No specific treatment for overdose is known; treatment should be symptomatic and
supportive.

5.1

Pharmacodynamic properties

Pharmacotherapeutic group: Endocrine therapy. Hormone antagonist and related agents:
aromatase inhibitor, ATC code: L02BG04
Pharmacodynamic effects
The elimination of oestrogen-mediated growth stimulation is a prerequisite for tumour
response in cases where the growth of tumour tissue depends on the presence of oestrogens
and endocrine therapy is used. In postmenopausal women, oestrogens are mainly derived
from the action of the aromatase enzyme, which converts adrenal androgens - primarily
androstenedione and testosterone - to oestrone and oestradiol. The suppression of oestrogen
biosynthesis in peripheral tissues and the cancer tissue itself can therefore be achieved by
specifically inhibiting the aromatase enzyme.
Letrozole is a non-steroidal aromatase inhibitor. It inhibits the aromatase enzyme by
competitively binding to the haem of the aromatase cytochrome P450, resulting in a reduction
of oestrogen biosynthesis in all tissues where present.
In healthy postmenopausal women, single doses of 0.1 mg, 0.5 mg, and 2.5 mg letrozole
suppress serum oestrone and oestradiol by 75%, 78% and 78% from baseline, respectively.
Maximum suppression is achieved in 48-78 hours.
In postmenopausal patients with advanced breast cancer, daily doses of 0.1 to 5 mg
suppressed plasma concentration of oestradiol, oestrone, and oestrone sulphate by 75 - 95%
from baseline in all patients treated. With doses of 0.5 mg and higher, many values of
oestrone and oestrone sulphate were below the limit of detection in the assays, indicating that
higher oestrogen suppression is achieved with these doses.
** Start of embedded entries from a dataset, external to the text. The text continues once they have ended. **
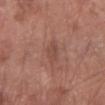patient: female, aged 68–72 | image: ~15 mm tile from a whole-body skin photo | anatomic site: the left forearm.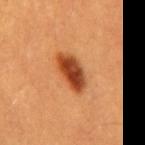Impression:
Captured during whole-body skin photography for melanoma surveillance; the lesion was not biopsied.
Context:
Cropped from a whole-body photographic skin survey; the tile spans about 15 mm. A male subject aged around 60. On the back.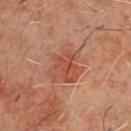The lesion was tiled from a total-body skin photograph and was not biopsied. On the chest. A male subject, aged around 60. An algorithmic analysis of the crop reported an average lesion color of about L≈47 a*≈25 b*≈30 (CIELAB), about 7 CIELAB-L* units darker than the surrounding skin, and a normalized border contrast of about 5.5. The analysis additionally found an automated nevus-likeness rating near 5 out of 100 and a lesion-detection confidence of about 100/100. Captured under cross-polarized illumination. This image is a 15 mm lesion crop taken from a total-body photograph.

Oestrogen suppression was
maintained throughout treatment in all these patients.
Letrozole is highly specific in inhibiting aromatase activity. Impairment of adrenal
steroidogenesis has not been observed. No clinically relevant changes were found in the
plasma concentrations of cortisol, aldosterone, 11-deoxycortisol, 17-hydroxyprogesterone,
and ACTH or in plasma renin activity among postmenopausal patients treated with a daily
dose of letrozole 0.1 to 5 mg. The ACTH stimulation test performed after 6 and 12 weeks of
treatment with daily doses of 0.1 mg, 0.25 mg, 0.5 mg, 1 mg, 2.5 mg, and 5 mg did not
indicate any attenuation of aldosterone or cortisol production. Thus, glucocorticoid and
mineralocorticoid supplementation is not necessary.
No changes were noted in plasma concentrations of androgens (androstenedione and
testosterone) among healthy postmenopausal women after 0.1 mg, 0.5 mg, and 2.5 mg single
doses of letrozole or in plasma concentrations of androstenedione among postmenopausal
patients treated with daily doses of 0.1 mg to 5 mg, indicating that the blockade of oestrogen
biosynthesis does not lead to accumulation of androgenic precursors. Plasma levels of LH and
FSH are not affected by letrozole in patients, nor is thyroid function as evaluated by TSH, T4
and T3 uptake test.
Adjuvant treatment
Study BIG 1-98
BIG 1-98 was a multicentre, double-blind study in which over 8,000 postmenopausal women
with hormone receptor-positive early breast cancer were randomised to one of the following
treatments:
A. tamoxifen for 5 years; B. letrozole for 5 years; C. tamoxifen for 2 years followed by
letrozole for 3 years; D. letrozole for 2 years followed by tamoxifen for 3 years.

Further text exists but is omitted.